Work required: Reproduce the data exactly and drop any pictures it holds.

====== Task data ======

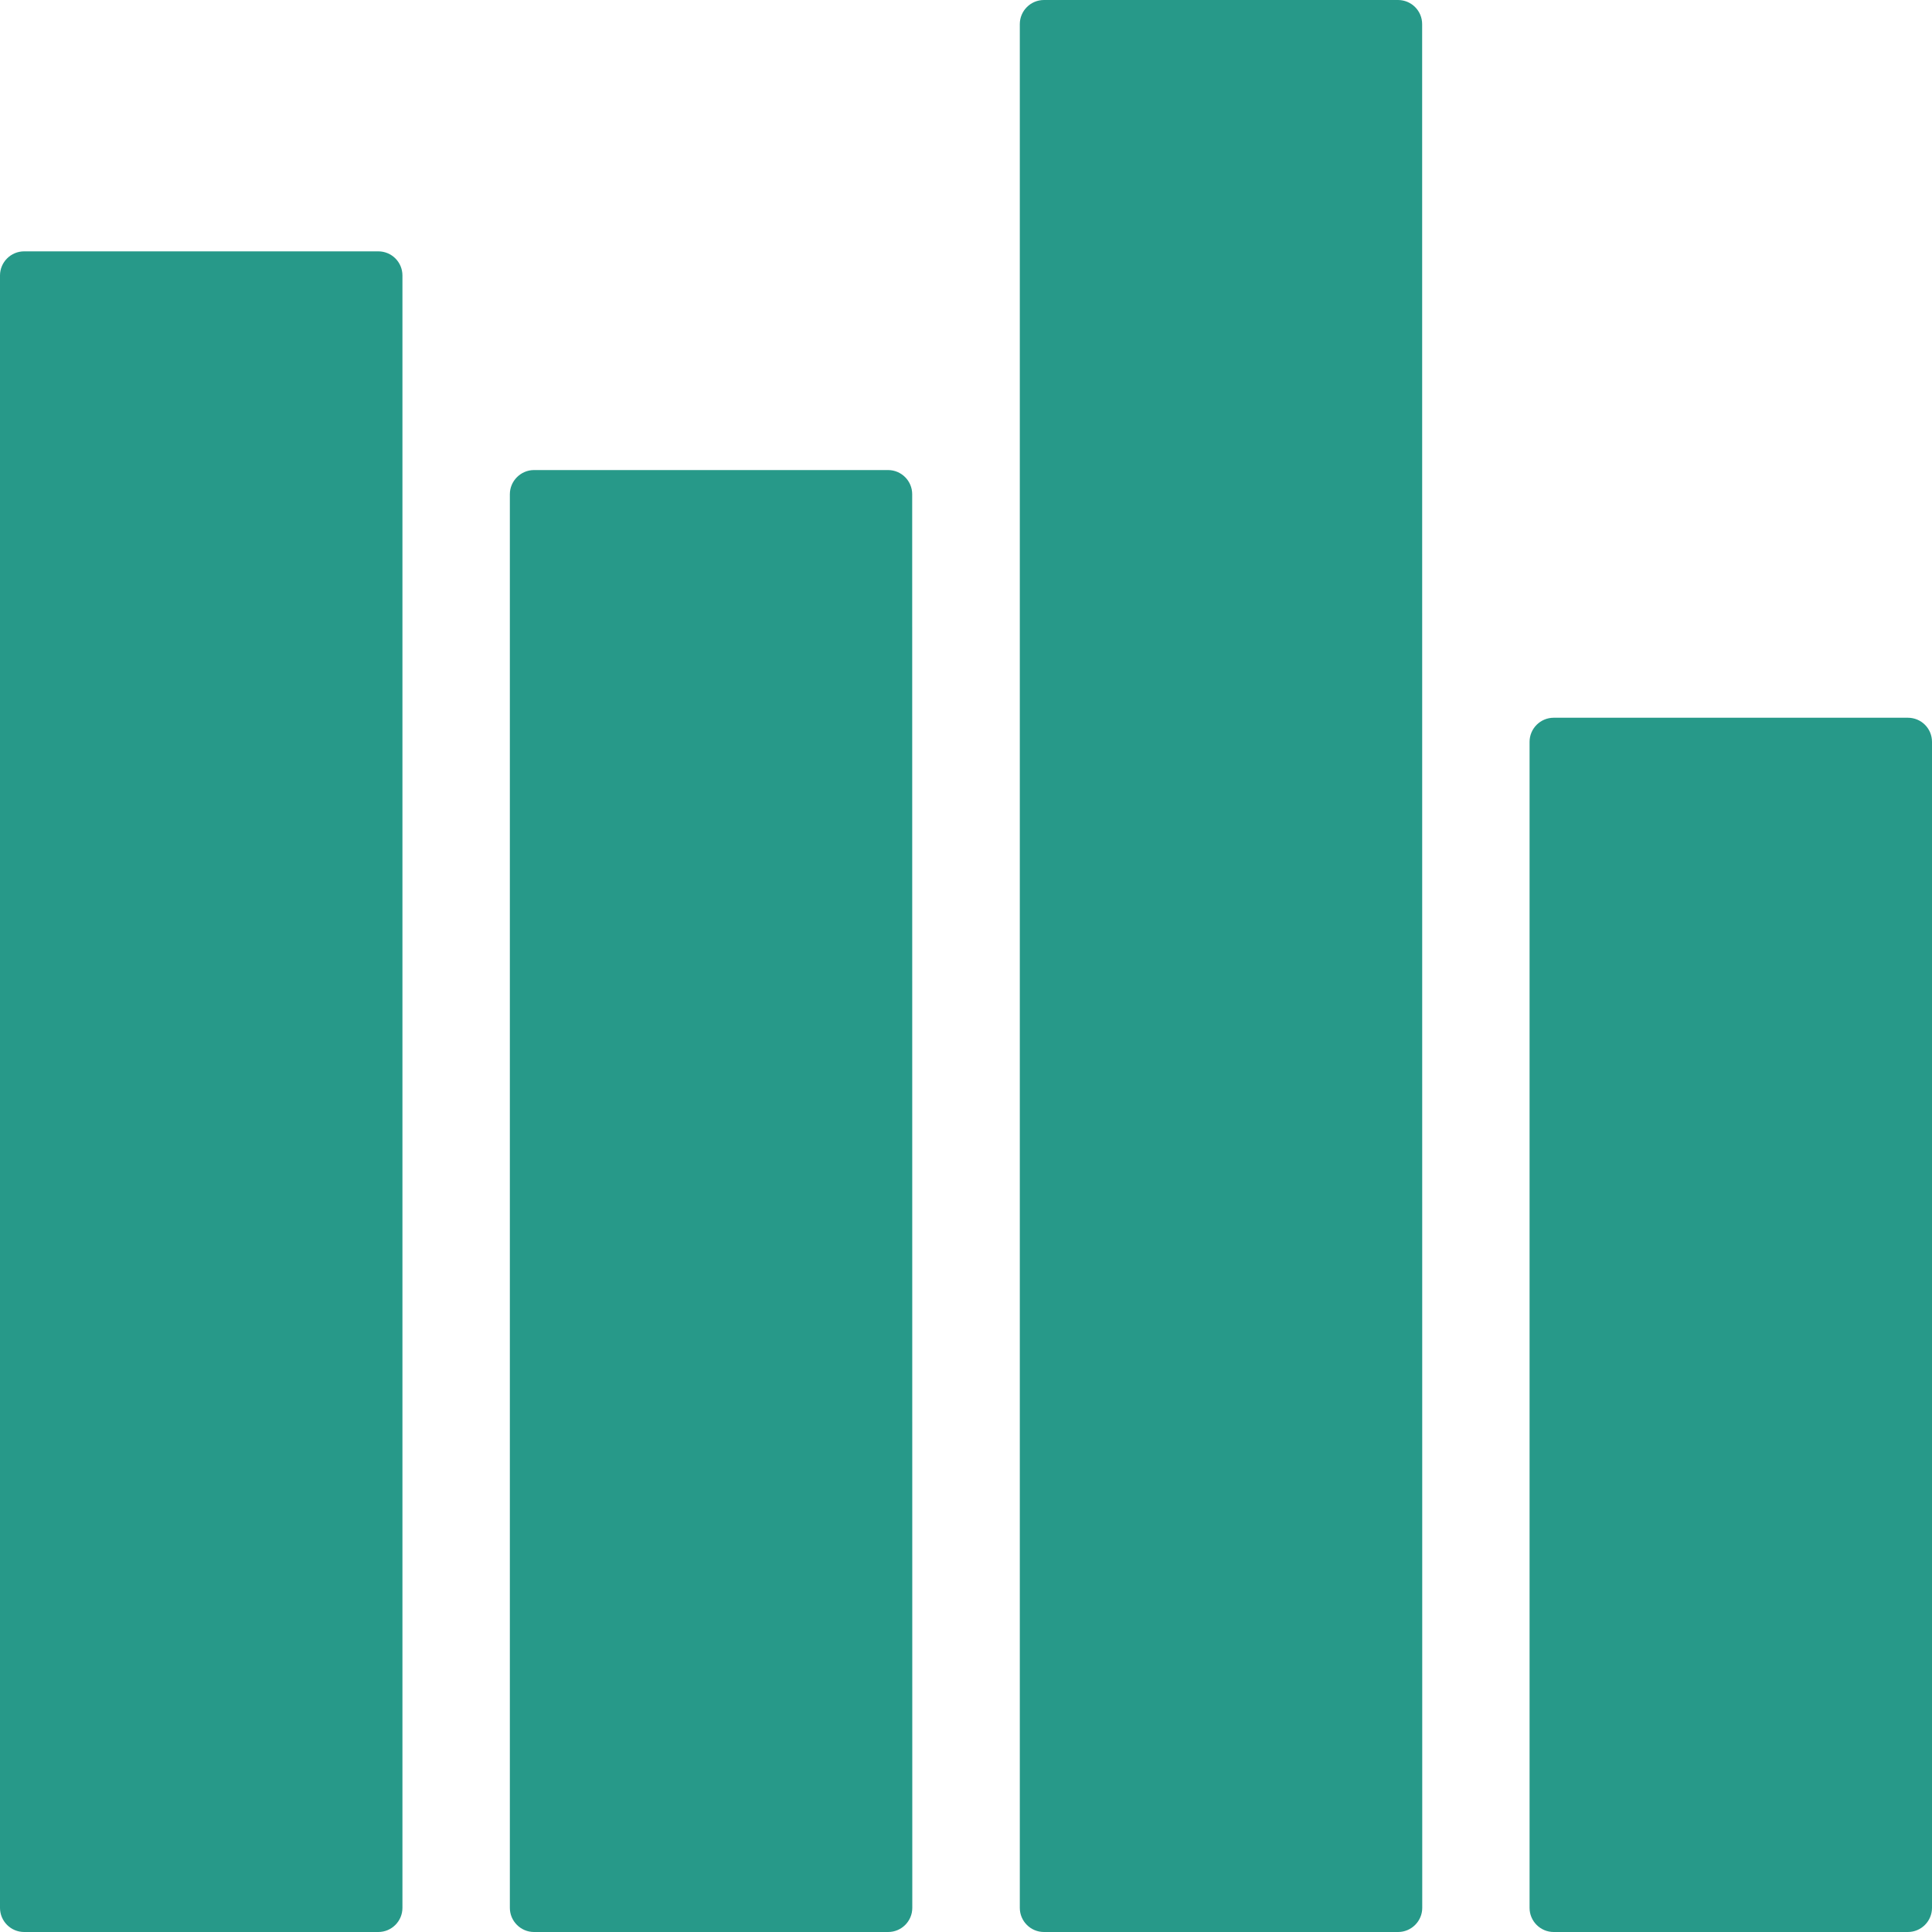 <svg width="20" height="20" viewBox="0 0 20 20" fill="none" xmlns="http://www.w3.org/2000/svg">
<g id="Icon">
<path id="Vector" d="M9.193 4.866H5.528C5.391 4.866 5.278 4.979 5.278 5.116V19.75C5.278 19.888 5.391 20 5.528 20H9.194C9.332 20 9.444 19.888 9.444 19.75L9.443 5.116C9.443 4.979 9.332 4.866 9.193 4.866Z" fill="#279989"/>
<path id="Vector_2" d="M14.472 0H10.807C10.669 0 10.557 0.112 10.557 0.25V19.75C10.557 19.888 10.669 20 10.807 20H14.473C14.61 20 14.723 19.888 14.723 19.75L14.722 0.25C14.722 0.111 14.61 0 14.472 0Z" fill="#279989"/>
<path id="Vector_3" d="M3.916 2.602H0.25C0.112 2.602 -2.28882e-05 2.714 -2.28882e-05 2.852V19.75C-2.28882e-05 19.888 0.112 20 0.25 20H3.916C4.054 20 4.166 19.888 4.166 19.75V2.852C4.166 2.713 4.054 2.602 3.916 2.602Z" fill="#279989"/>
<path id="Vector_4" d="M19.75 7.43H16.084C15.946 7.43 15.834 7.542 15.834 7.68V19.75C15.834 19.888 15.946 20 16.084 20H19.75C19.888 20 20 19.888 20 19.75V7.68C20 7.541 19.889 7.43 19.75 7.43Z" fill="#279989"/>
</g>
</svg>

======

Task response:
 <svg width="20" height="20" viewBox="0 0 20 20" fill="none" xmlns="http://www.w3.org/2000/svg">
<g id="Icon">
<path id="Vector" d="M9.193 4.866H5.528C5.391 4.866 5.278 4.979 5.278 5.116V19.75C5.278 19.888 5.391 20 5.528 20H9.194C9.332 20 9.444 19.888 9.444 19.75L9.443 5.116C9.443 4.979 9.332 4.866 9.193 4.866Z" fill="#279989"/>
<path id="Vector_2" d="M14.472 0H10.807C10.669 0 10.557 0.112 10.557 0.25V19.75C10.557 19.888 10.669 20 10.807 20H14.473C14.61 20 14.723 19.888 14.723 19.75L14.722 0.25C14.722 0.111 14.61 0 14.472 0Z" fill="#279989"/>
<path id="Vector_3" d="M3.916 2.602H0.25C0.112 2.602 -2.28882e-05 2.714 -2.28882e-05 2.852V19.75C-2.28882e-05 19.888 0.112 20 0.25 20H3.916C4.054 20 4.166 19.888 4.166 19.75V2.852C4.166 2.713 4.054 2.602 3.916 2.602Z" fill="#279989"/>
<path id="Vector_4" d="M19.75 7.43H16.084C15.946 7.43 15.834 7.542 15.834 7.68V19.75C15.834 19.888 15.946 20 16.084 20H19.75C19.888 20 20 19.888 20 19.75V7.68C20 7.541 19.889 7.43 19.75 7.43Z" fill="#279989"/>
</g>
</svg>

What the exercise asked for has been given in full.